Is The Economy Making The Fed An Offer It Can’t Refuse?
By Michael L. Davis
Since this is the 50th anniversary of the movie "The Godfather," it's worth remembering that great scene where a gang war is about to break out and the Don's trusted capo, Clemenza, explains to the young Michael Corleone, "These things gotta happen every five years or so. ... It helps get rid of the bad blood."
Any similarities between Federal Reserve Chairman Jerome Powell and Michael Corleone are purely coincidental. Still, I wish Powell had Clemenza whispering in his ear.
The Federal Reserve has two problems. First, it has to figure out how to reduce the highest inflation rates we've seen since the early 1980s. Anyone who buys gas or groceries understands that problem. And anyone who knows much of anything about economics and finance understands that the Fed has to raise interest rates and tighten monetary policy in order to deal with that problem. It's already started. After the last meeting the Fed raised their target interest rate by 1/4 percent and promised more increases to come.
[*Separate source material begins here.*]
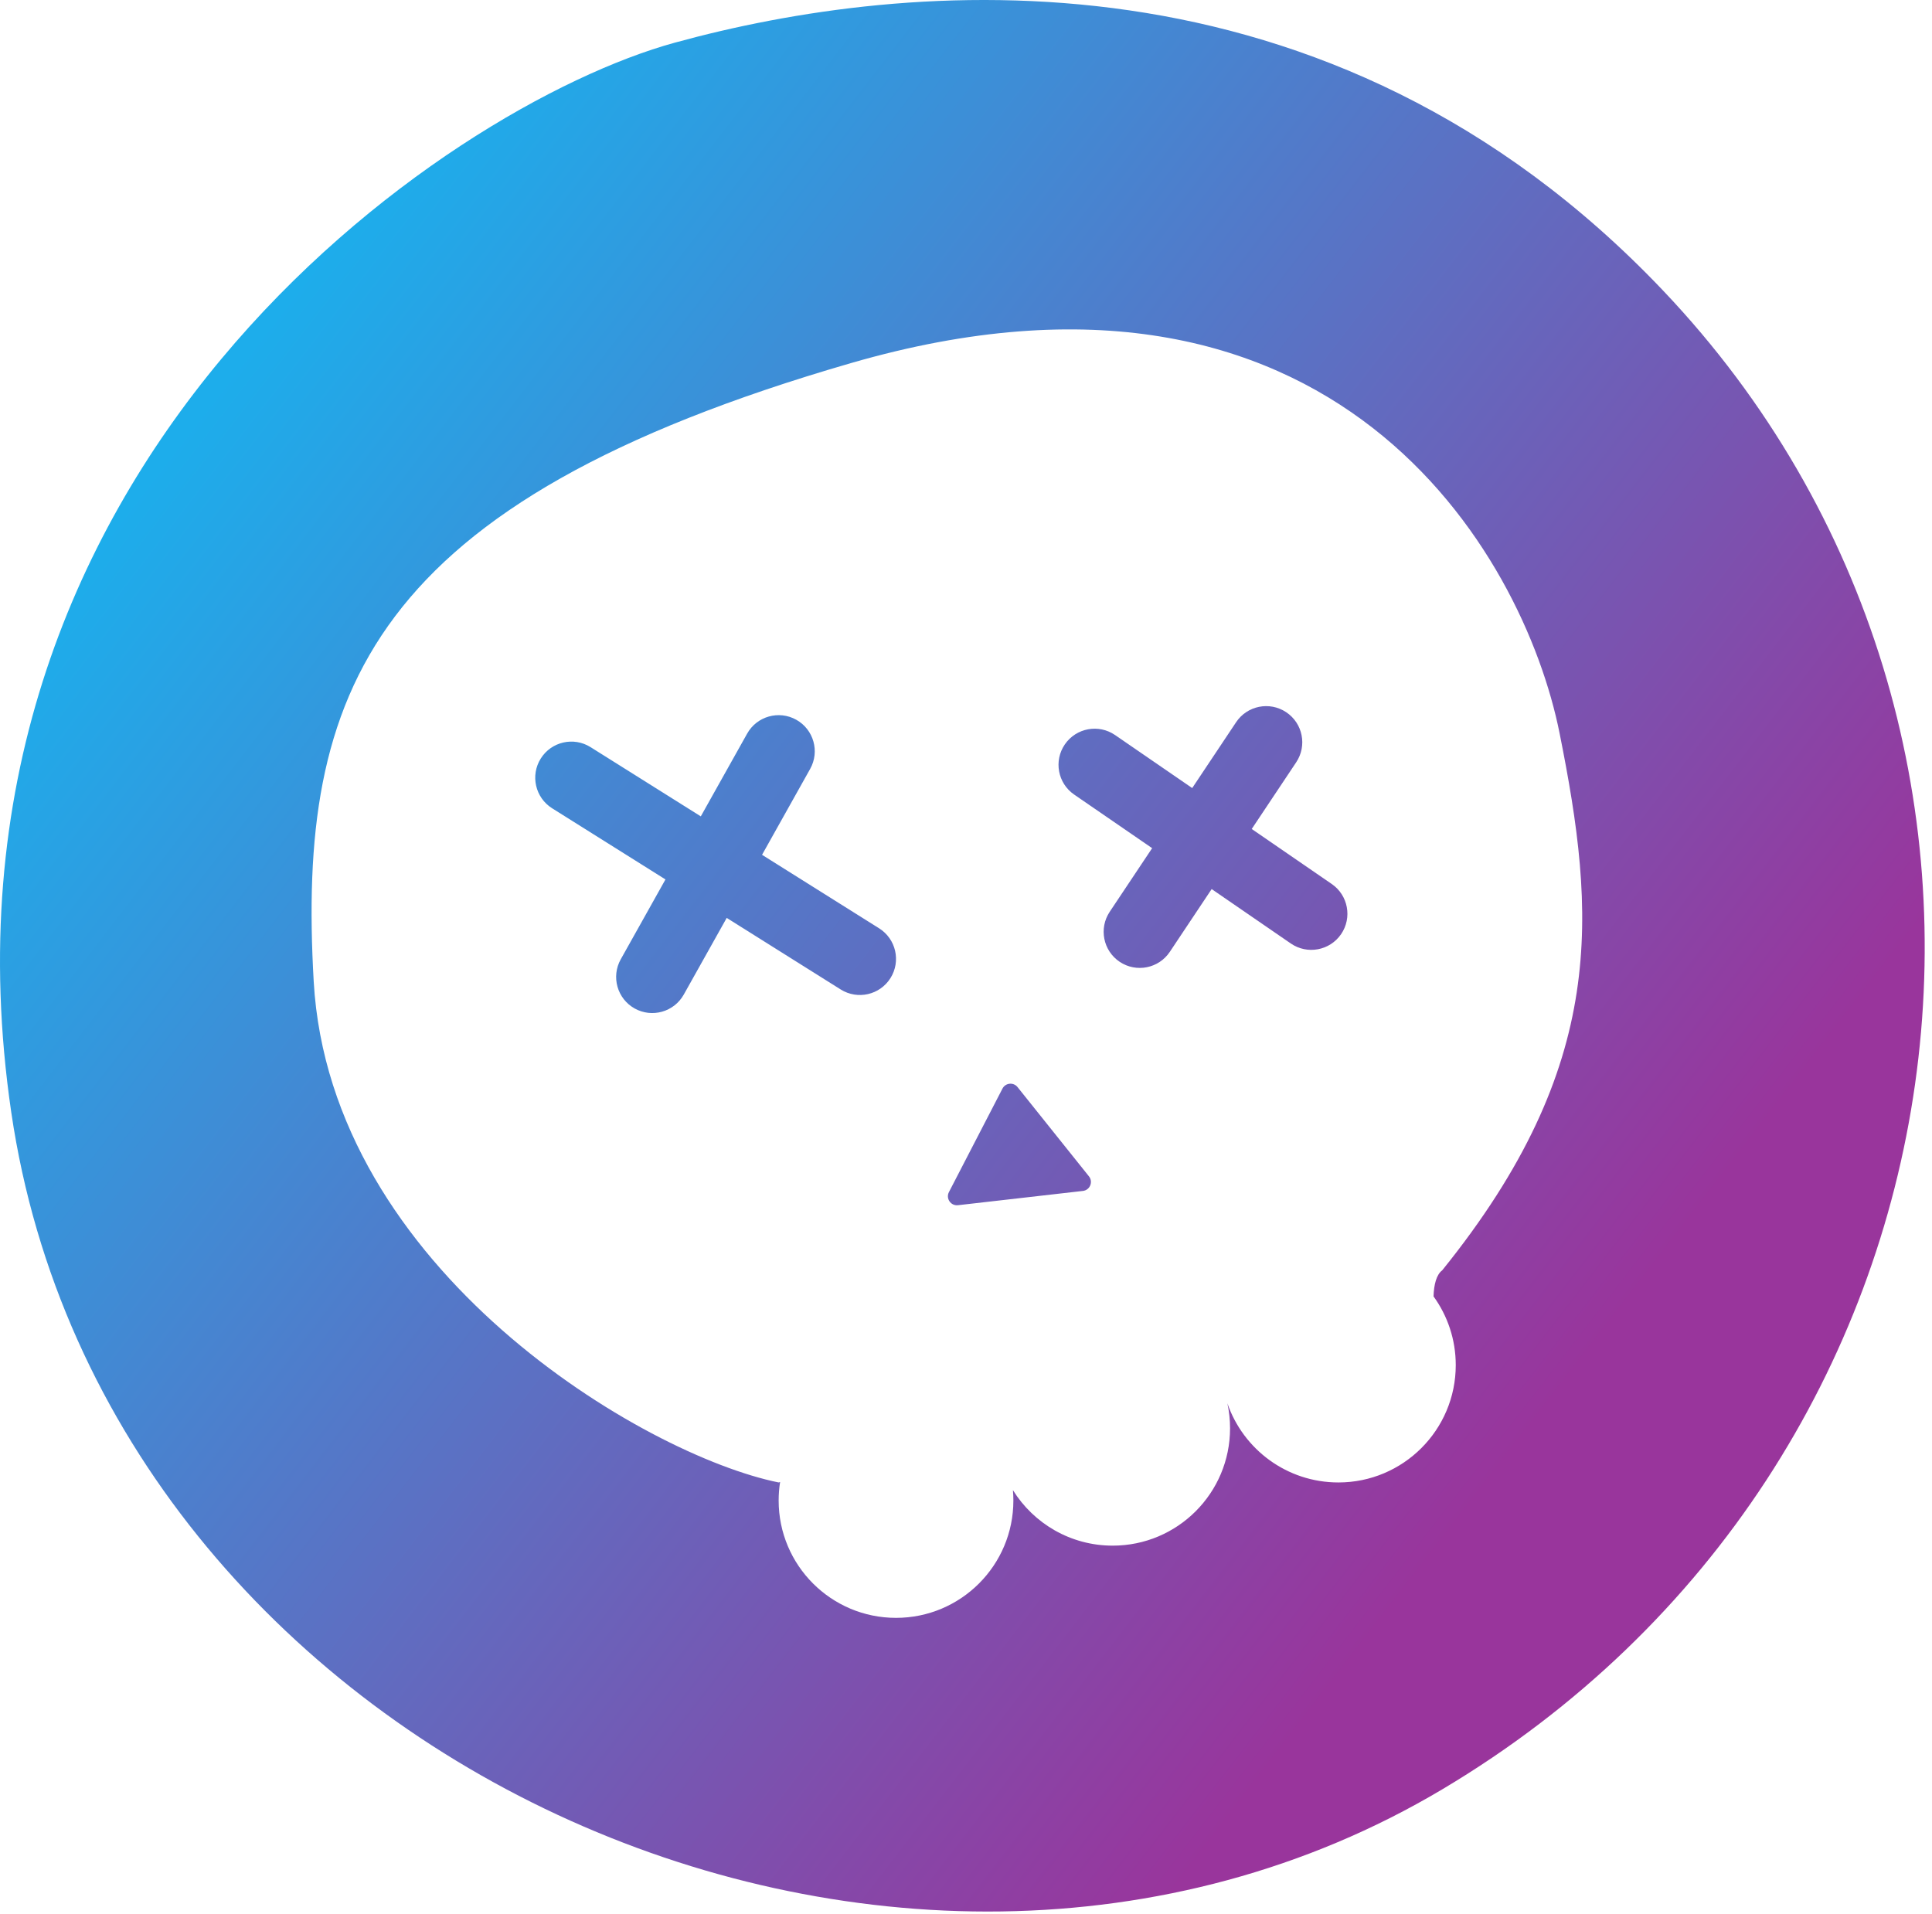 <svg xmlns="http://www.w3.org/2000/svg" width="214" height="212" viewBox="0 0 214 212" fill="none"><path fill-rule="evenodd" clip-rule="evenodd" d="M74.748 4.725C100.248 -2.275 147.048 -6.975 184.248 32.225C230.748 81.225 220.248 162.225 159.748 198.225C99.248 234.225 11.748 194.725 1.248 123.225C-9.252 51.725 49.248 11.725 74.748 4.725ZM94.248 40.225C40.748 55.725 32.919 76.725 34.748 108.725C36.576 140.725 71.414 161.225 86.248 164.225L86.409 164.174C86.303 164.842 86.248 165.527 86.248 166.225C86.248 173.405 92.068 179.225 99.248 179.225C106.427 179.225 112.248 173.405 112.248 166.225C112.248 165.838 112.231 165.455 112.198 165.076C114.491 168.767 118.582 171.225 123.248 171.225C130.427 171.225 136.248 165.405 136.248 158.225C136.248 157.276 136.146 156.351 135.953 155.459C137.709 160.56 142.55 164.225 148.248 164.225C155.427 164.225 161.248 158.405 161.248 151.225C161.248 148.383 160.336 145.754 158.788 143.614C158.826 142.299 159.108 141.205 159.748 140.725C178.148 117.925 176.748 101.225 172.748 81.225C168.748 61.225 147.748 24.725 94.248 40.225ZM142.466 78.897C144.305 80.122 144.801 82.606 143.576 84.444L138.649 91.834L147.514 97.929C149.334 99.18 149.795 101.671 148.544 103.491C147.292 105.311 144.802 105.773 142.981 104.521L134.211 98.491L129.576 105.444C128.35 107.282 125.867 107.779 124.029 106.553C122.191 105.328 121.694 102.844 122.919 101.006L127.618 93.959L118.981 88.021C117.161 86.769 116.7 84.279 117.951 82.459C119.203 80.638 121.693 80.177 123.514 81.429L132.056 87.301L136.919 80.006C138.145 78.168 140.628 77.671 142.466 78.897ZM89.738 85.179C90.817 83.252 90.129 80.814 88.202 79.735C86.275 78.655 83.837 79.343 82.758 81.27L77.625 90.436L65.413 82.767C63.542 81.593 61.074 82.157 59.899 84.028C58.724 85.898 59.288 88.368 61.159 89.542L73.711 97.424L68.758 106.27C67.678 108.198 68.366 110.635 70.293 111.715C72.221 112.794 74.658 112.107 75.738 110.179L80.495 101.684L93.12 109.612C94.991 110.787 97.46 110.223 98.635 108.352C99.81 106.481 99.246 104.012 97.375 102.837L84.409 94.695L89.738 85.179ZM105.109 132.059L111.04 120.592C111.373 119.949 112.257 119.862 112.709 120.427L120.617 130.312C121.109 130.926 120.731 131.841 119.95 131.93L106.111 133.512C105.316 133.603 104.742 132.77 105.109 132.059Z" fill="url(#paint0_linear_14864_12150)"></path><defs><linearGradient id="paint0_linear_14864_12150" x1="16.5" y1="52.725" x2="182" y2="180.225" gradientUnits="userSpaceOnUse"><stop stop-color="#1DADEB"></stop><stop offset="0.89" stop-color="#99359C"></stop></linearGradient></defs></svg>

The Fed's second problem is much harder. They have to lower inflation rates while at the same preventing a recession.
Good luck with that.
To understand why the Fed has such a tough job ahead, let's talk about one of the most important concepts in all economics: stuff. It's the perfect word to describe the millions of goods that sustain our material lives — jet planes and jelly beans, barrels of oil and beach blankets are part of the stuff we need. Macroeconomists have lots of sophisticated metrics to determine when a recession begins — GDP growth rates, industrial production and so on — but at the end of the day a recession means we have less stuff than we would otherwise have.
And the Fed knows — or at least they should know — that right now they need to battle inflation in a world where we have less stuff. This is true for three reasons.
First, the pandemic dramatically disrupted the way we produce things. Supply chains were broken and businesses are now scrambling to establish new business-to-business connections. For example, the broken supply chain for automotive semiconductors led to the madness in the market for new and used cars. There are many, many such breaks in many, many such supply chains. Until these are fixed, we will have less stuff.
Second, labor markets are incredibly tight, with employers desperate to find workers. In fact, the Fed is forecasting that the rate of unemployment will drop to 3.5% and remain there through 2024. That's big if true, but it's probably not. Labor markets can be too tight. When it's hard to hire, it's hard to produce stuff. In fact, about 70% of the time when the unemployment rate goes below 3.5%, the economy enters a recession sometime in the next two years.
Finally, it's harder to make stuff when big parts of the world are shutting down. And right now, there is a major land war in Europe and a COVID lockdown in China. No one, including the Fed, knows how this is going to end up. But it can't be good.
All of these fundamental problems are real and well known. And now, after months of hopeful claims that inflation is "transitory," the Fed knows that inflation is real as well.
Clemenza may have been too pessimistic when he said "These things gotta happen." We can never be sure when or even if a recession will happen. The economy is way too complicated to forecast with any certainty. But the Fed is going to war against inflation in an economy that's already poised for recession. Don't be surprised if we start seeing headlines describing bloody economic shootouts.
Davis is an economics professor at SMU Dallas Cox School of Business.